Deante Burton

Profile
- Position: Cornerback

Personal information
- Born: July 12, 1994 (age 31) Berlin, Germany
- Listed height: 6 ft 2 in (1.88 m)
- Listed weight: 205 lb (93 kg)

Career information
- High school: Manhattan (Manhattan, Kansas)
- College: Kansas State
- NFL draft: 2017: undrafted

Career history
- Atlanta Falcons (2017–2018); Green Bay Packers (2018); Atlanta Falcons (2018)*; Houston Texans (2018); Indianapolis Colts (2019)*; Dallas Cowboys (2019–2021); Tennessee Titans (2022)*;
- * Offseason and/or practice squad member only

Career NFL statistics
- Total tackles: 8
- Forced fumbles: 1
- Stats at Pro Football Reference

= Deante Burton =

American football player (born 1994)

Deante Wayne Burton (born July 12, 1994) is an American football cornerback. He signed with the Atlanta Falcons as an undrafted free agent in 2017. He played college football at Kansas State University.

==Early life==
Burton attended Manhattan High School, where he was a two-way player at wide receiver and cornerback. As a junior, he became a starter at both positions, tallying 244 receiving yards and 3 touchdowns.

As a senior, he broke one of his thumbs, but still managed to keep playing. He collected 20 receptions for 327 yards, 5 receiving touchdowns, 216 rushing yards, 3 rushing touchdowns and 2 interceptions. He also received first-team All-Centennial League and All-state honors for his production at defensive back.

==College career==
Burton accepted a football scholarship from Kansas State University. As a sophomore, he was named a starter at wide receiver during the season, posting 17 receptions for 171 yards.

As a junior, he tallied 38 receptions for 510 yards and 4 touchdowns. Against West Virginia University, he had 5 catches for 135 yards, including a 77-yard touchdown, while earning Big 12 Offensive Player of the Week honors.

As a senior, he registered 29 receptions for 404 yards and one touchdown. He finished his college career with 84 receptions for 1,085 yards and 5 touchdowns, becoming the school’s 29th career 1,000-yard receiver.

==Professional career==
===Atlanta Falcons===
Burton was signed as an undrafted free agent by the Atlanta Falcons after the 2017 NFL draft on May 1. He was waived by the Falcons on September 2, but was signed to their practice squad the next day, where he was converted into a cornerback.

He signed a reserve/future contract with the Falcons on January 15, 2018. On September 1, Burton was released by the Falcons and was signed to the practice squad the next day. He was promoted to the active roster on September 4. He played in the season opener against the Philadelphia Eagles and had one special teams tackle.

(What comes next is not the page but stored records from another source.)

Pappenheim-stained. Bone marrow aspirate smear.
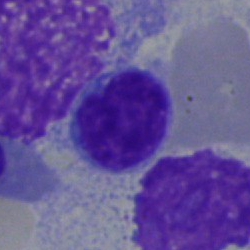

Morphological class: lymphocyte.
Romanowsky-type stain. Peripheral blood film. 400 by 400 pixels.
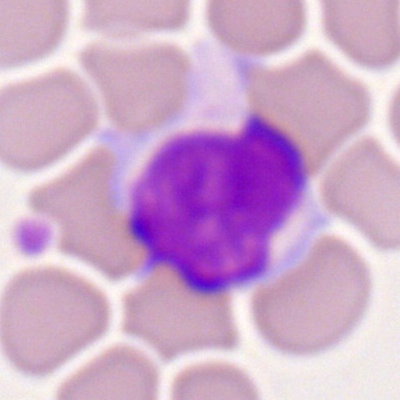 Q: What is shown here?
A: A typical lymphocyte.
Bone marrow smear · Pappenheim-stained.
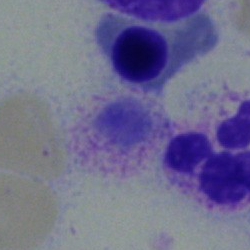The cell shown is a segmented neutrophil.
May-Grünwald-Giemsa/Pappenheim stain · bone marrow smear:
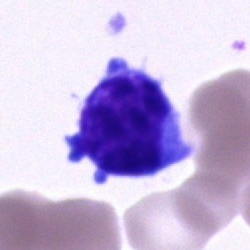
Morphology consistent with a blast cell.
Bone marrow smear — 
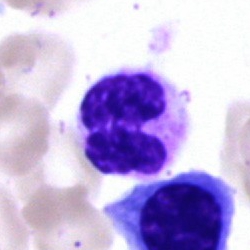

Q: Which cell type is shown here?
A: This is a polymorphonuclear neutrophil.
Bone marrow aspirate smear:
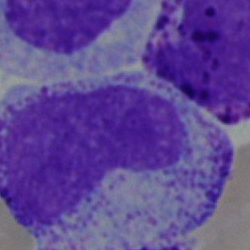
Single cell identified as a metamyelocyte.
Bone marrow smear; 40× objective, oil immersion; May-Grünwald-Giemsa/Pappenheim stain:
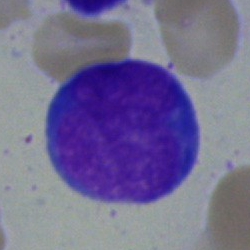Blast cell.
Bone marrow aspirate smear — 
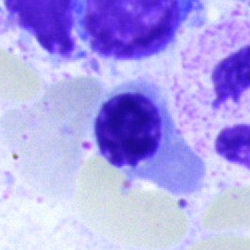
Impression → nucleated red blood cell.
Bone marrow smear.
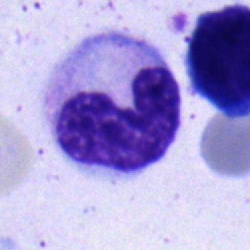

Specimen: bone marrow aspirate smear.
Morphological class: band neutrophil.
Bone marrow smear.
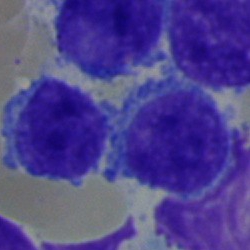 {"cell_type": "lymphocyte", "lineage": "lymphoid"}
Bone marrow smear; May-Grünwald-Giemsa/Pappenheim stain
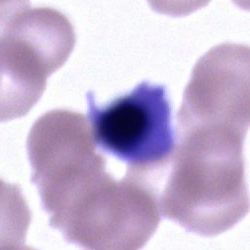

The classification is unidentifiable cell.
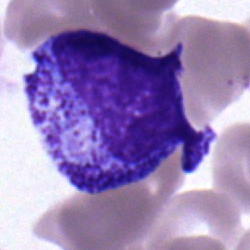
Impression → myelocyte.
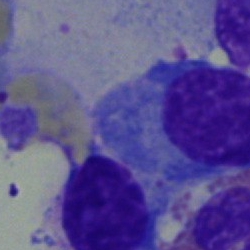
Cell type: plasma cell.
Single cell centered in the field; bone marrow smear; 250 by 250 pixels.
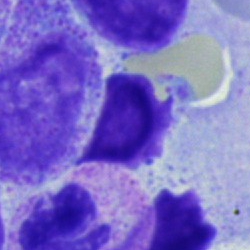Q: What cell is this?
A: It is an unidentifiable cell.
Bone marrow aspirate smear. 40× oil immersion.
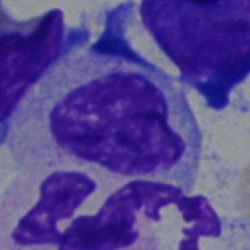The cell is myelocyte.
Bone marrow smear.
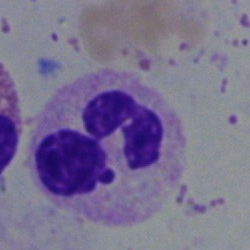

Showing a polymorphonuclear neutrophil.
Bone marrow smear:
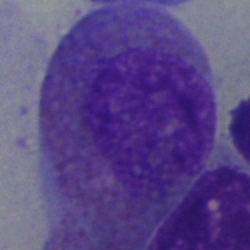

{"cell_type": "eosinophil"}

Burton was waived on September 10.

===Green Bay Packers===
On September 11, 2018, Burton was claimed off waivers by the Green Bay Packers. He was declared inactive for the second game against the Minnesota Vikings. He was waived on September 19.

===Atlanta Falcons (second stint)===
On September 25, 2018, Burton was signed to the Atlanta Falcons' practice squad.

===Houston Texans===
On October 31, 2018, Burton was signed by the Houston Texans off the Falcons practice squad, to provide depth because of injuries. He appeared in 2 games as a backup. He was waived on August 26, 2019.

===Indianapolis Colts===
On September 24, 2019, Burton was signed to the Indianapolis Colts' practice squad.

===Dallas Cowboys===
On November 20, 2019, Burton was signed by the Dallas Cowboys from the Colts practice squad, after cornerback Anthony Brown was placed on the injured reserve list. He appeared in 3 games as a backup.

On September 5, 2020, Burton was waived by the Cowboys and signed to the practice squad the next day. He was elevated to the active roster on September 26 and November 26 for the team's Weeks 3 and 12 games against the Seattle Seahawks and Washington Football Team, and reverted to the practice squad after each game. Burton was signed to the active roster on December 7. He was placed on injured reserve on December 19.

On August 31, 2021, Burton was waived by the Cowboys and re-signed to the practice squad the next day. He was released on December 15.

===Tennessee Titans===
On August 13, 2022, Burton signed with the Tennessee Titans, but was waived three days later.